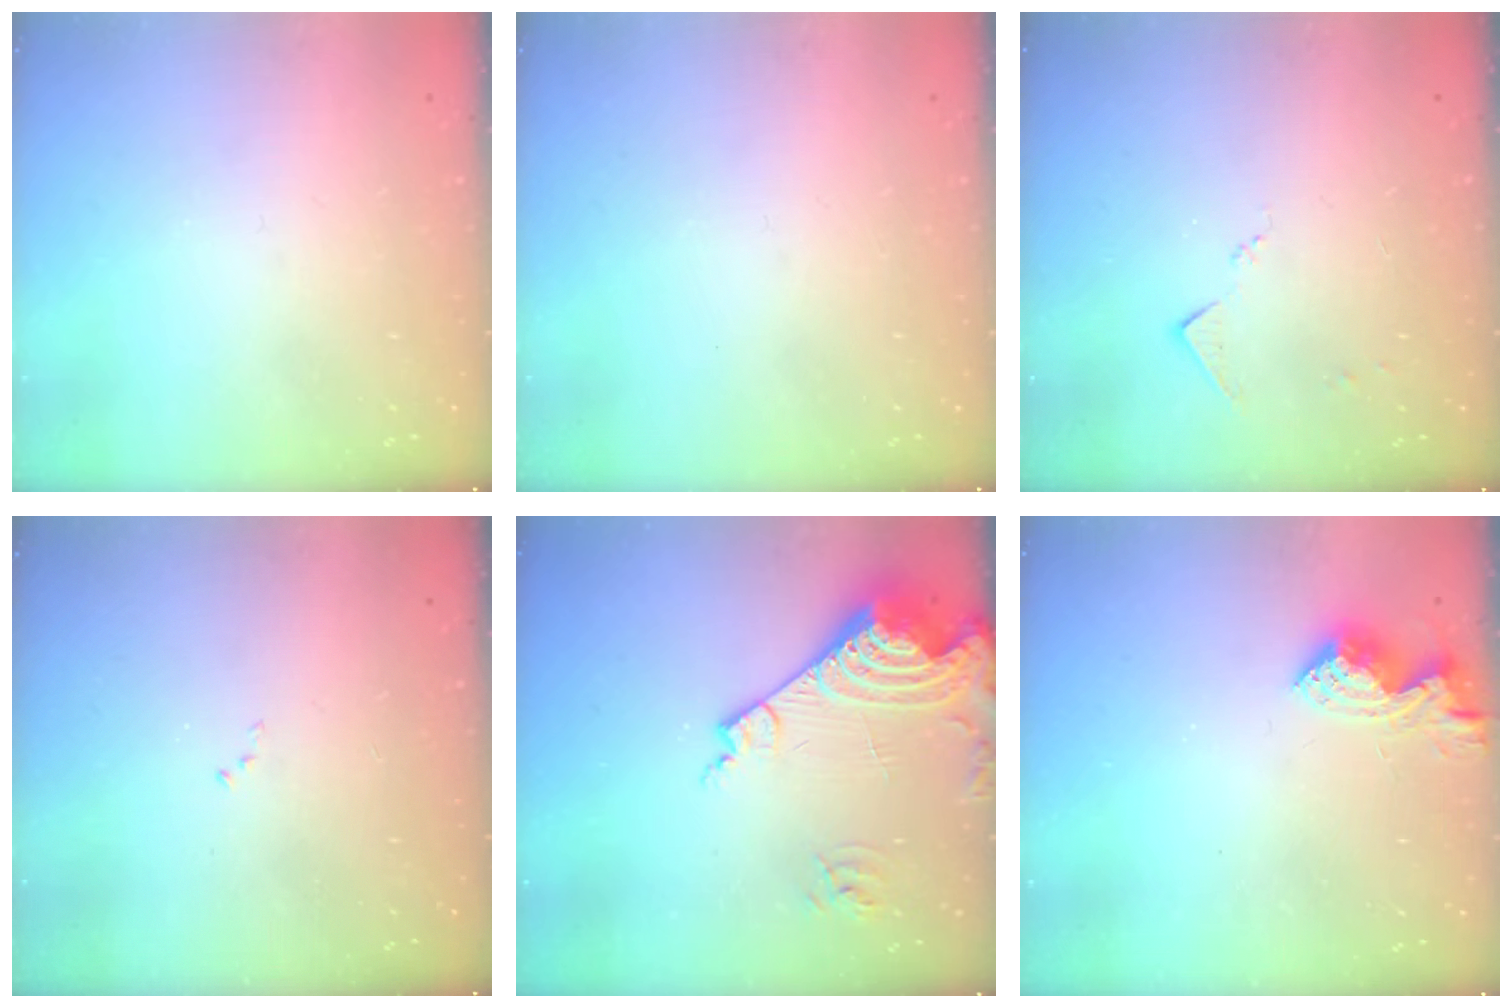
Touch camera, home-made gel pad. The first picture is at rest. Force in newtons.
{"total": 0.0}
{"total": 5.7, "press": 5.7, "slide": 0.7}
{"total": 5.8, "press": 5.8, "slide": 0.8}
{"total": 16.3, "press": 16.2, "slide": 1.9}
{"total": 13.7, "press": 13.6, "slide": 0.9}
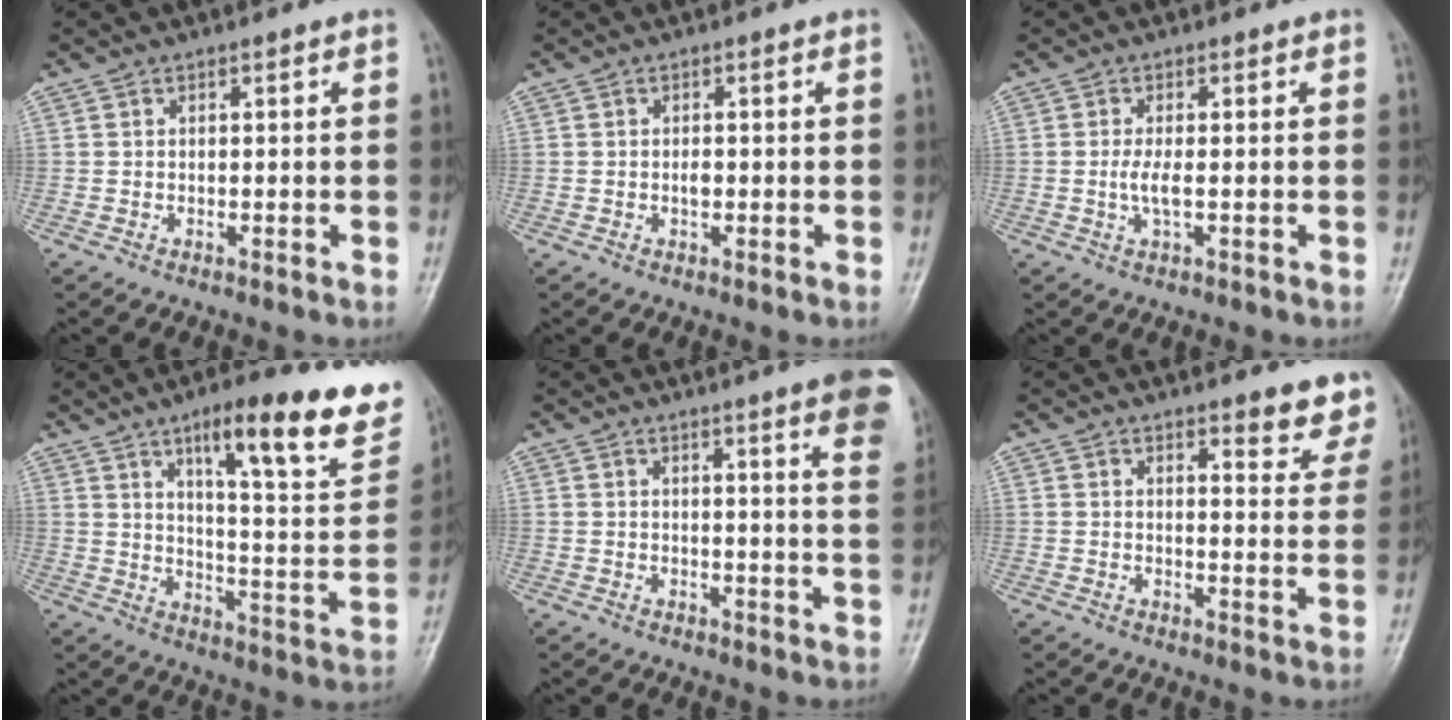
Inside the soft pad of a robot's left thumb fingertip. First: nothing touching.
{"total": 1.3, "force": [-0.2, 0.7, 1.1], "torque": [-0.017, 0.000, -0.004]}
{"total": 2.9, "force": [-0.3, 0.8, 2.7], "torque": [-0.065, -0.005, -0.007]}
{"total": 22.9, "force": [13.9, 5.5, 17.5], "torque": [-0.206, -0.056, 0.204]}
{"total": 12.5, "force": [7.8, 1.3, 9.7], "torque": [-0.101, -0.028, 0.076]}
{"total": 7.5, "force": [6.2, 2.2, 3.4], "torque": [-0.008, -0.037, 0.061]}
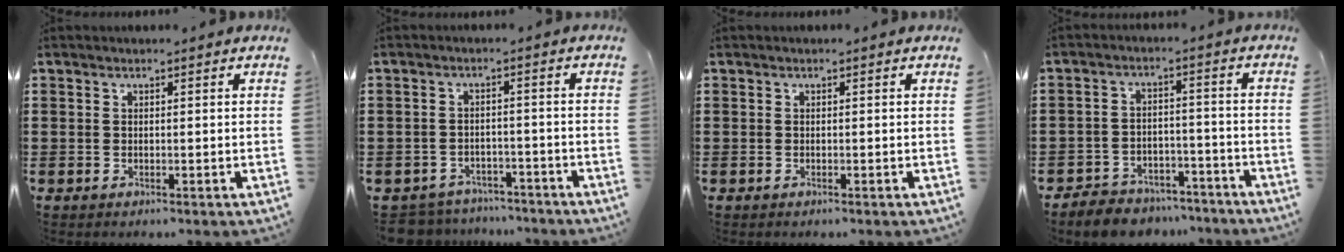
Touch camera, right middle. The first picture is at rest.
{"total": 3.9, "force": [-3.9, 0.4, -0.2], "torque": [-0.011, -0.003, -0.086]}
{"total": 0.0}
{"total": 6.0, "force": [-5.9, 1.1, 0.5], "torque": [-0.010, 0.014, -0.117]}
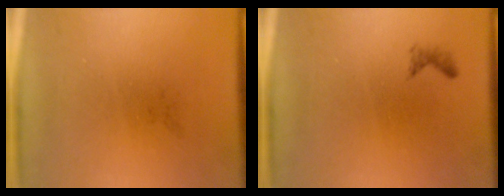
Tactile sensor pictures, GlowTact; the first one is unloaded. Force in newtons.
{"total": 0.6}
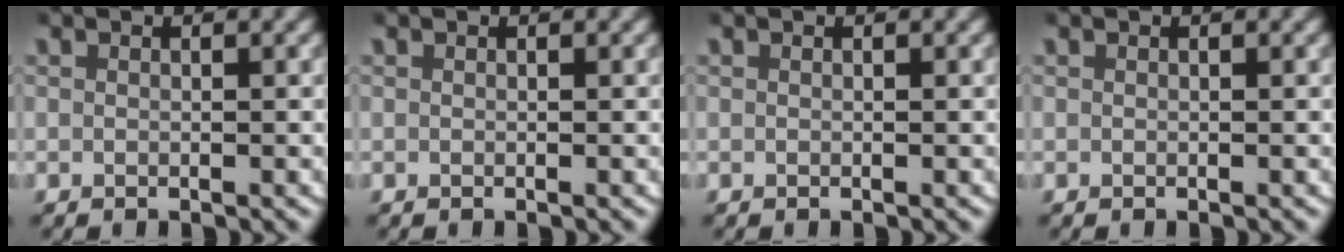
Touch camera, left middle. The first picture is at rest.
{"total": 0.0}
{"total": 0.0}
{"total": 0.0}

++++++++

• [AIM OF THE TASK]: Write out the material above once more, exactly as it reads, with no pictures.

• [EXERCISE RESULT]:
Touch camera, home-made gel pad. The first picture is at rest. Force in newtons.
{"total": 0.0}
{"total": 5.7, "press": 5.7, "slide": 0.7}
{"total": 5.8, "press": 5.8, "slide": 0.8}
{"total": 16.3, "press": 16.2, "slide": 1.9}
{"total": 13.7, "press": 13.6, "slide": 0.9}
Inside the soft pad of a robot's left thumb fingertip. First: nothing touching.
{"total": 1.3, "force": [-0.2, 0.7, 1.1], "torque": [-0.017, 0.000, -0.004]}
{"total": 2.9, "force": [-0.3, 0.8, 2.7], "torque": [-0.065, -0.005, -0.007]}
{"total": 22.9, "force": [13.9, 5.5, 17.5], "torque": [-0.206, -0.056, 0.204]}
{"total": 12.5, "force": [7.8, 1.3, 9.7], "torque": [-0.101, -0.028, 0.076]}
{"total": 7.5, "force": [6.2, 2.2, 3.4], "torque": [-0.008, -0.037, 0.061]}
Touch camera, right middle. The first picture is at rest.
{"total": 3.9, "force": [-3.9, 0.4, -0.2], "torque": [-0.011, -0.003, -0.086]}
{"total": 0.0}
{"total": 6.0, "force": [-5.9, 1.1, 0.5], "torque": [-0.010, 0.014, -0.117]}
Tactile sensor pictures, GlowTact; the first one is unloaded. Force in newtons.
{"total": 0.6}
Touch camera, left middle. The first picture is at rest.
{"total": 0.0}
{"total": 0.0}
{"total": 0.0}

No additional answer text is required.